- [Exercise aim]:
Transcribe the data exactly. Leave nothing out.

[Record extracts — start]

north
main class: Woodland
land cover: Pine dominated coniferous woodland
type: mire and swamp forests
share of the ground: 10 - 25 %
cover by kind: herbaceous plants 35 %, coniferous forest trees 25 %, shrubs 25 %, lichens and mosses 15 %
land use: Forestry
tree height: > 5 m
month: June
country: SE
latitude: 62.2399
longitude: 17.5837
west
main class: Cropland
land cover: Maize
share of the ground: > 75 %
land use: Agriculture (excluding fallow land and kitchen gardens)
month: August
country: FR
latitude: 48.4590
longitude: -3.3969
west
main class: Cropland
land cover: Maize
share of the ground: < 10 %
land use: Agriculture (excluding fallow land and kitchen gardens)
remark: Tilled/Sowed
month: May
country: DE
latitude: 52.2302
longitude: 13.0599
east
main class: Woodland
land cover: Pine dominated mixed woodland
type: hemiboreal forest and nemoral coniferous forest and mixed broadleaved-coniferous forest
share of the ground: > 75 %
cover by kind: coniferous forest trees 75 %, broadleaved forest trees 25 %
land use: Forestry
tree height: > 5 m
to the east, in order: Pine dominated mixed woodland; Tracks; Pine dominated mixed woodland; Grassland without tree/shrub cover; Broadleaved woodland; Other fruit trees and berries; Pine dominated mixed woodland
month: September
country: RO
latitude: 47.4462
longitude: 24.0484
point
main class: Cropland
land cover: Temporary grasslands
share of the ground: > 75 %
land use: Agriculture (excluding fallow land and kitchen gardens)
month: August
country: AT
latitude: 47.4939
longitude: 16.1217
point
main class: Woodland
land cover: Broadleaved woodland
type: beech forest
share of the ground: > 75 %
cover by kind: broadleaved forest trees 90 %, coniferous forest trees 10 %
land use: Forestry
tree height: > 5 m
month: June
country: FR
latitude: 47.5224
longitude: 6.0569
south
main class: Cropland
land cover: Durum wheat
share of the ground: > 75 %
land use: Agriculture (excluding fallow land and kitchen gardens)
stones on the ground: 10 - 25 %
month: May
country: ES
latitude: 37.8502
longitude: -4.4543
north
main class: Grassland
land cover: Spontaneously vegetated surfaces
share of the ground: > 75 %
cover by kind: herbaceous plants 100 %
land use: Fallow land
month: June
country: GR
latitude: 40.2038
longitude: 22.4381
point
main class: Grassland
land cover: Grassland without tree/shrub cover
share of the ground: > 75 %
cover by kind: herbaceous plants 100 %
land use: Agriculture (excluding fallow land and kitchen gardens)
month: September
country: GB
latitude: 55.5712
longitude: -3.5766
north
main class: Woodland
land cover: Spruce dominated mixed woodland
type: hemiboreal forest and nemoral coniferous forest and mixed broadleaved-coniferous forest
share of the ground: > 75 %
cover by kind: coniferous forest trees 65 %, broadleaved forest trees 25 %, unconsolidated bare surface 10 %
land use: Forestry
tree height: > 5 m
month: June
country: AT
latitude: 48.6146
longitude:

[Record extracts — finish]

- [Expected answer]:
north
main class: Woodland
land cover: Pine dominated coniferous woodland
type: mire and swamp forests
share of the ground: 10 - 25 %
cover by kind: herbaceous plants 35 %, coniferous forest trees 25 %, shrubs 25 %, lichens and mosses 15 %
land use: Forestry
tree height: > 5 m
month: June
country: SE
latitude: 62.2399
longitude: 17.5837
west
main class: Cropland
land cover: Maize
share of the ground: > 75 %
land use: Agriculture (excluding fallow land and kitchen gardens)
month: August
country: FR
latitude: 48.4590
longitude: -3.3969
west
main class: Cropland
land cover: Maize
share of the ground: < 10 %
land use: Agriculture (excluding fallow land and kitchen gardens)
remark: Tilled/Sowed
month: May
country: DE
latitude: 52.2302
longitude: 13.0599
east
main class: Woodland
land cover: Pine dominated mixed woodland
type: hemiboreal forest and nemoral coniferous forest and mixed broadleaved-coniferous forest
share of the ground: > 75 %
cover by kind: coniferous forest trees 75 %, broadleaved forest trees 25 %
land use: Forestry
tree height: > 5 m
to the east, in order: Pine dominated mixed woodland; Tracks; Pine dominated mixed woodland; Grassland without tree/shrub cover; Broadleaved woodland; Other fruit trees and berries; Pine dominated mixed woodland
month: September
country: RO
latitude: 47.4462
longitude: 24.0484
point
main class: Cropland
land cover: Temporary grasslands
share of the ground: > 75 %
land use: Agriculture (excluding fallow land and kitchen gardens)
month: August
country: AT
latitude: 47.4939
longitude: 16.1217
point
main class: Woodland
land cover: Broadleaved woodland
type: beech forest
share of the ground: > 75 %
cover by kind: broadleaved forest trees 90 %, coniferous forest trees 10 %
land use: Forestry
tree height: > 5 m
month: June
country: FR
latitude: 47.5224
longitude: 6.0569
south
main class: Cropland
land cover: Durum wheat
share of the ground: > 75 %
land use: Agriculture (excluding fallow land and kitchen gardens)
stones on the ground: 10 - 25 %
month: May
country: ES
latitude: 37.8502
longitude: -4.4543
north
main class: Grassland
land cover: Spontaneously vegetated surfaces
share of the ground: > 75 %
cover by kind: herbaceous plants 100 %
land use: Fallow land
month: June
country: GR
latitude: 40.2038
longitude: 22.4381
point
main class: Grassland
land cover: Grassland without tree/shrub cover
share of the ground: > 75 %
cover by kind: herbaceous plants 100 %
land use: Agriculture (excluding fallow land and kitchen gardens)
month: September
country: GB
latitude: 55.5712
longitude: -3.5766
north
main class: Woodland
land cover: Spruce dominated mixed woodland
type: hemiboreal forest and nemoral coniferous forest and mixed broadleaved-coniferous forest
share of the ground: > 75 %
cover by kind: coniferous forest trees 65 %, broadleaved forest trees 25 %, unconsolidated bare surface 10 %
land use: Forestry
tree height: > 5 m
month: June
country: AT
latitude: 48.6146
longitude:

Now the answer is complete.